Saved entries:
=== Begin Enclosure ===

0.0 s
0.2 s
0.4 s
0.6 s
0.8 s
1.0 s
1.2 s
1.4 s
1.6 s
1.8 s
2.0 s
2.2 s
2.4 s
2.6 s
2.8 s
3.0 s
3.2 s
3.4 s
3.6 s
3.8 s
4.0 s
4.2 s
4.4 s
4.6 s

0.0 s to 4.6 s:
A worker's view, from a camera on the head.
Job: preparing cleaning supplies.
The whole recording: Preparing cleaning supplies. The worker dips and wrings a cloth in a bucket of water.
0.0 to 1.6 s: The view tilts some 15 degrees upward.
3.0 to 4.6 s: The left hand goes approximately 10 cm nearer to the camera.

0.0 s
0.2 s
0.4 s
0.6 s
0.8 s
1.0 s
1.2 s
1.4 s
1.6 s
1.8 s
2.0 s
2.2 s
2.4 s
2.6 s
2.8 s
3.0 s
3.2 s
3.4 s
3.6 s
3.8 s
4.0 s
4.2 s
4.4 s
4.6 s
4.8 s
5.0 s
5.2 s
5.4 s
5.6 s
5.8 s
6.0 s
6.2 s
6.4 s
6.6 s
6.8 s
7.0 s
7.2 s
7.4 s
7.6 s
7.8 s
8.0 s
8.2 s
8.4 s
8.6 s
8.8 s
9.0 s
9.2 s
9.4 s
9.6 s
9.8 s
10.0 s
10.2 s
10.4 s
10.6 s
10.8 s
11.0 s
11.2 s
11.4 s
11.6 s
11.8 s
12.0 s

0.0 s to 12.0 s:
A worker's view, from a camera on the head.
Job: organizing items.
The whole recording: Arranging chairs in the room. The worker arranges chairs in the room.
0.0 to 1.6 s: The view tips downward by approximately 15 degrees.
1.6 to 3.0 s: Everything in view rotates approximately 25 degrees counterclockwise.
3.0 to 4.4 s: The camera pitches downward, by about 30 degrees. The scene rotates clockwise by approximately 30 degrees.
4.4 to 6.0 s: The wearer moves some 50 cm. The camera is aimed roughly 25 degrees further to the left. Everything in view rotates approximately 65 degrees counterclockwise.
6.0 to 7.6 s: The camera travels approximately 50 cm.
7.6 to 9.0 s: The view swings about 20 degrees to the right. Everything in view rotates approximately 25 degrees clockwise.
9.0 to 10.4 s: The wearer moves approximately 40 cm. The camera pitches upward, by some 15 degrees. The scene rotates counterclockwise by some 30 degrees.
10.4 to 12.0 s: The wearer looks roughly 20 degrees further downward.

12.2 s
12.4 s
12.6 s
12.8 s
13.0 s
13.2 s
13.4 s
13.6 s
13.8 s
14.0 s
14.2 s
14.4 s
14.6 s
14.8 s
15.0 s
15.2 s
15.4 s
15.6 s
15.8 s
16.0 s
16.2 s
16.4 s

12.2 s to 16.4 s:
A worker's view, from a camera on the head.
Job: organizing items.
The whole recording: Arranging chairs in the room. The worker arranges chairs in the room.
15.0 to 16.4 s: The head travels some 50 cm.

=== End Enclosure ===

§ Task brief:
The lines running from the start of the data through the one that contains "0.0 s to 4.6" should be reproduced exactly, and only those.

§ Task result:
0.0 s
0.2 s
0.4 s
0.6 s
0.8 s
1.0 s
1.2 s
1.4 s
1.6 s
1.8 s
2.0 s
2.2 s
2.4 s
2.6 s
2.8 s
3.0 s
3.2 s
3.4 s
3.6 s
3.8 s
4.0 s
4.2 s
4.4 s
4.6 s

0.0 s to 4.6 s:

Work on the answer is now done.